Yes, let’s look at each other and see only “us”

When we stand on the battlefield victorious.

Like a flower conquering concrete, we will survive. It’s where we go from there that matters. Photo by Michelle Garren Flye

Poem 18 (National Poetry Month): Walking Outside on a Windy Day

Walking Outside on a Windy Day

By Michelle Garren Flye

I walk outside to the wind waiting for rain

a fluttering clash quickly dissipates

so when I turn my head

I see only a single feather

twirling down

the only evidence that remains

of the maelstrom

before the storm came.

Photo by Michelle Garren Flye

Poem 17 (National Poetry Month): COVID-19

I considered titling this poem “Lasting Effects”, but I prefer the blatancy of this title instead.

COVID-19

By Michelle Garren Flye

Don’t do that, it will make you sick.

Don’t go out—don’t even try.

The virus is out there, it’s too quick,

You can’t outrun it, you can’t defy.

But what if it never ends?

What if we’re stuck this way?

There may be no amends

If the virus is here to stay.

Fear has found a place of assembly,

Even in the hearts of the brave.

Soldiers cannot fight this enemy,

And maybe there is nothing to save.

Maybe this is what we’ve earned

Through years of war and strife—

When we’ve never really learned

What’s important in life.

Photo by Michelle Garren Flye

Poem 13 (National Poetry Month): In the Middle of the Storm

In the Middle of the Storm

By Michelle Garren Flye

In the middle of the storm

There’s no time for wondering

If what we are doing is right

(That’s what preparation is for)

The noise and distraction

Leave no room for discussion

About what we’re supposed to do

(So we just do and hope)

It’s only after that we find out

It’s only when we stand on the edge

And survey what’s left that we know

(If we’re lucky enough anyway)

History watches every decision

Written by victors (or victorias)

A reflection of what we did

In the middle of the storm

Photo by Michelle Garren Flye

Poem 11 (National Poetry Month): Leakage

Another attempt at rhyming poetry. Some are better than others

Leakage

By Michelle Garren Flye

The pool in the forest looks endless and deep.

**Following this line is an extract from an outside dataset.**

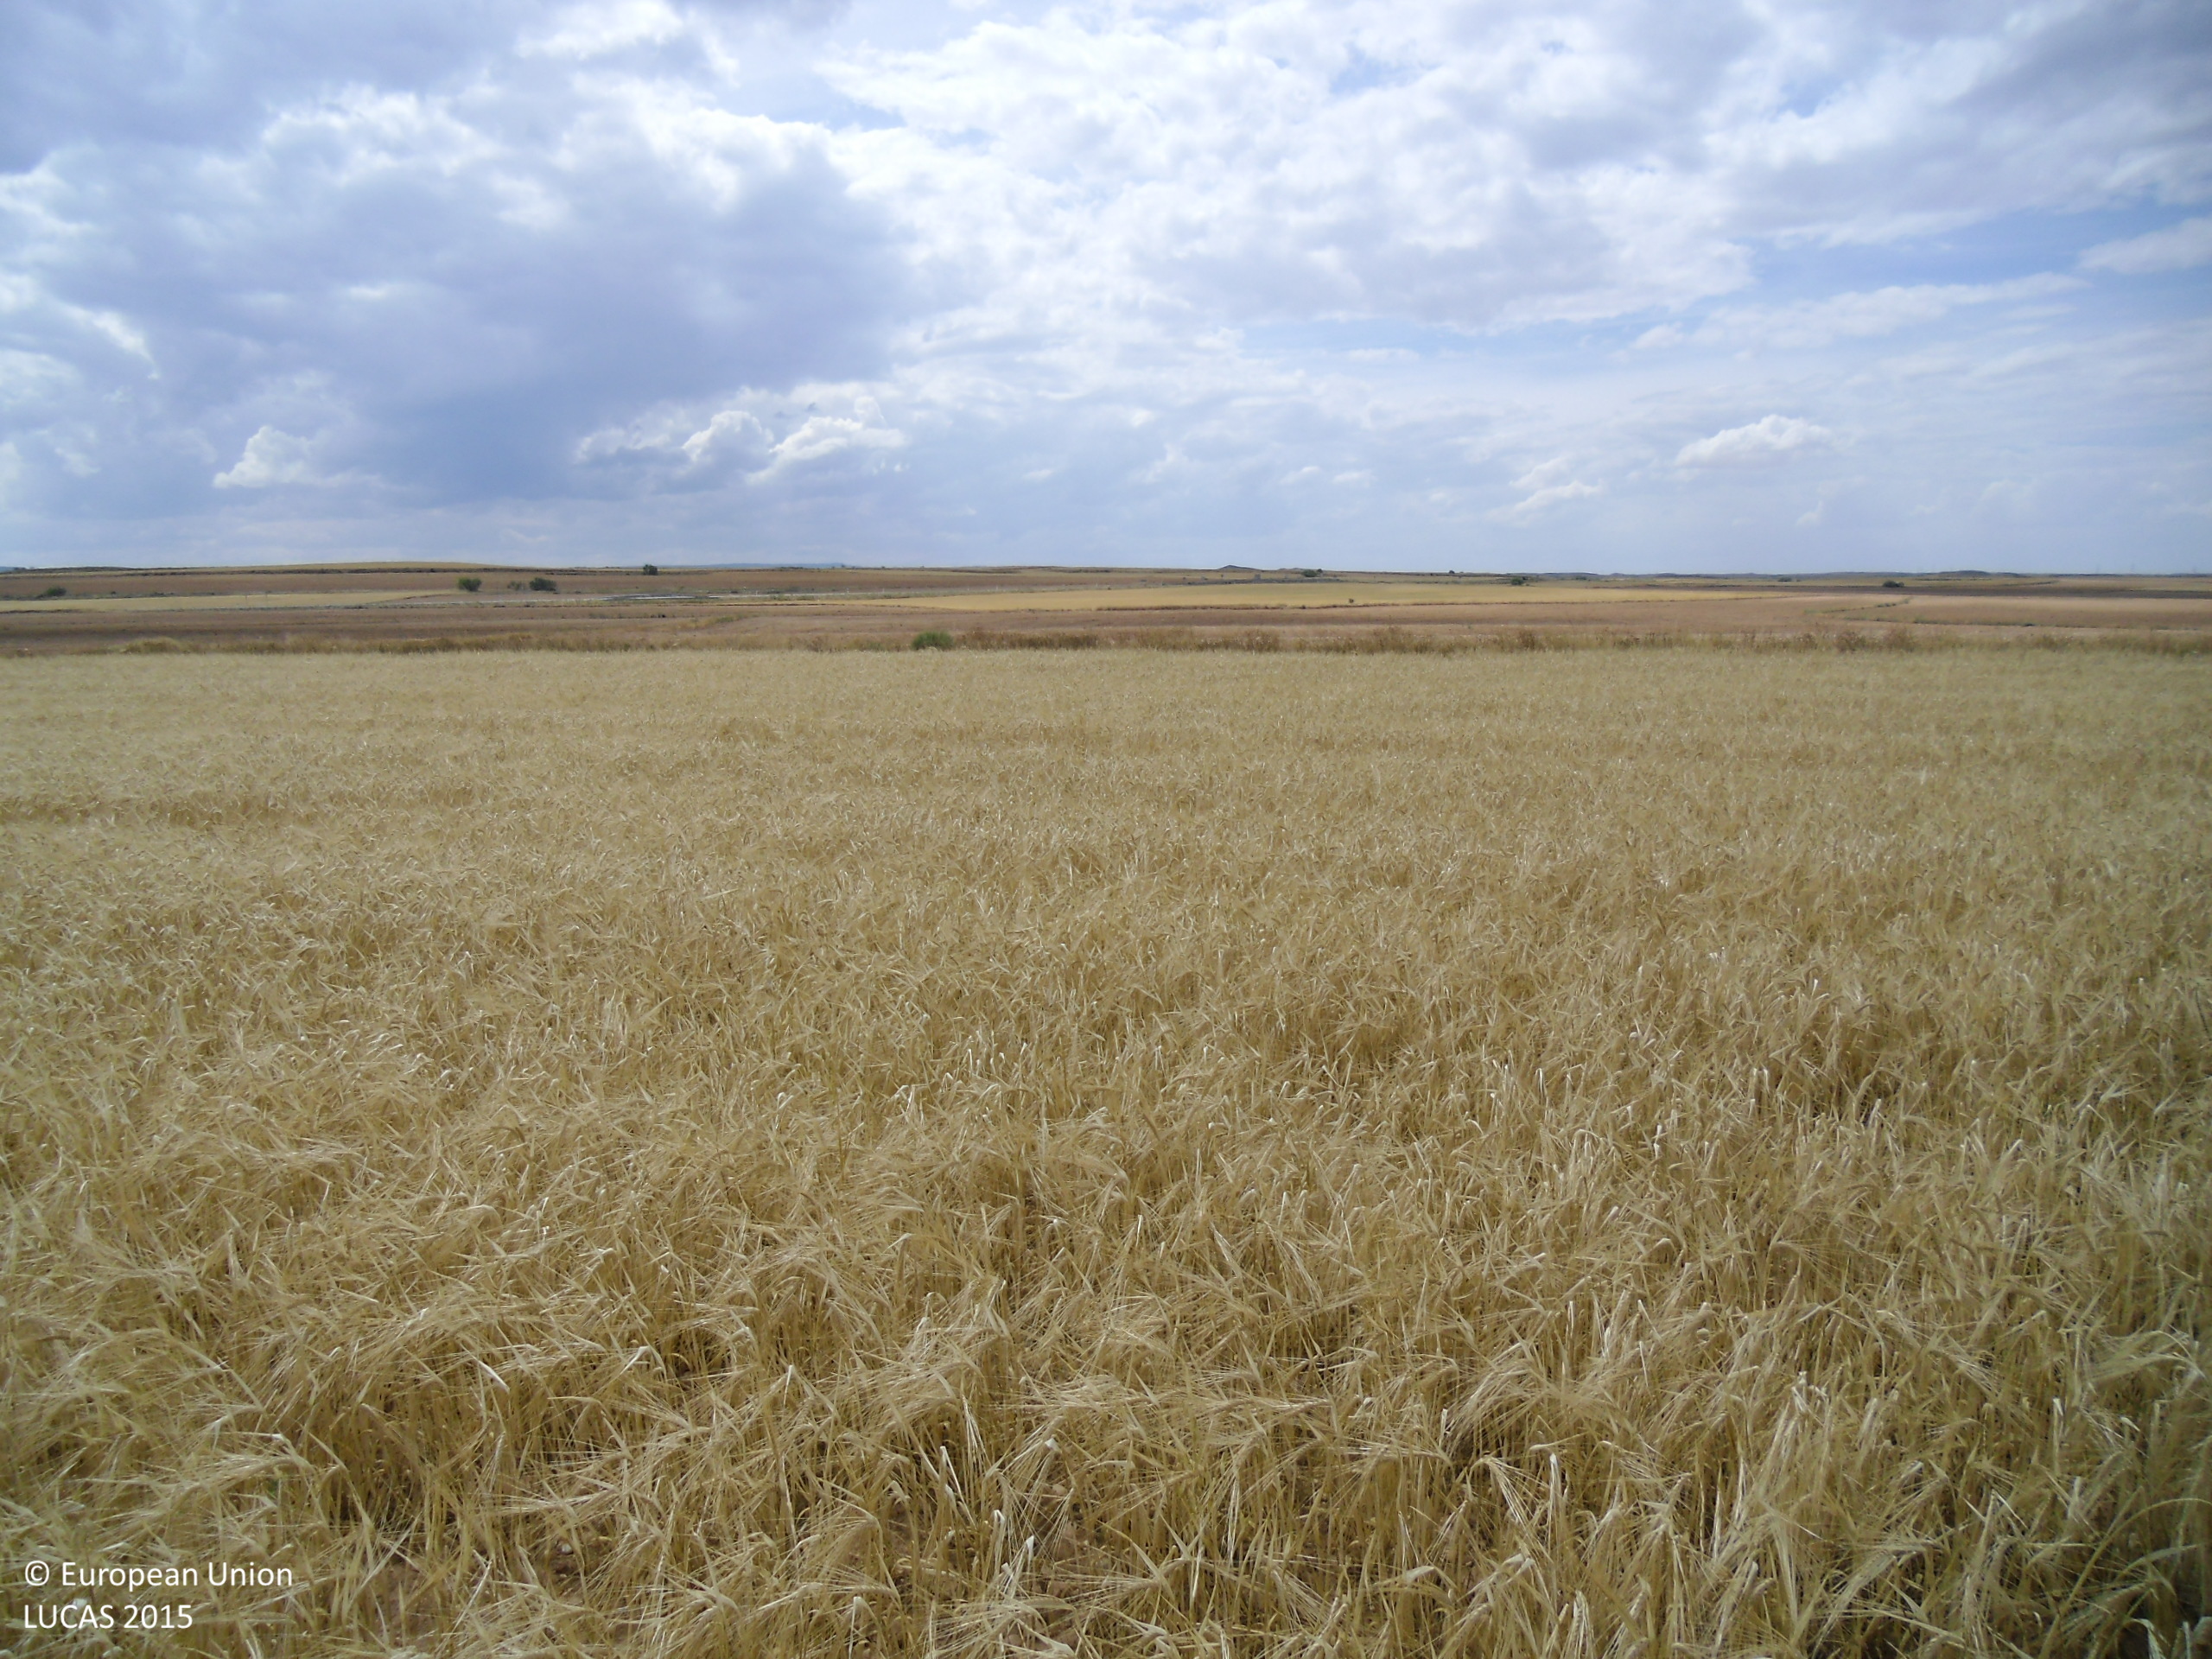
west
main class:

But I know a secret that I will always keep.

The stream that away from the pool leads

Now has all the water a little stream needs.

But look closer, look harder, and you will find

That time to the stream will not be kind.

Upstream a dam has been built to cut off

The flow to the pool and the stream’s runoff.

Does the pool know it is leaking away?

Will it attempt to make the water stay?

Or just like us, it may avoid the strife

And allow the leakage to continue for life.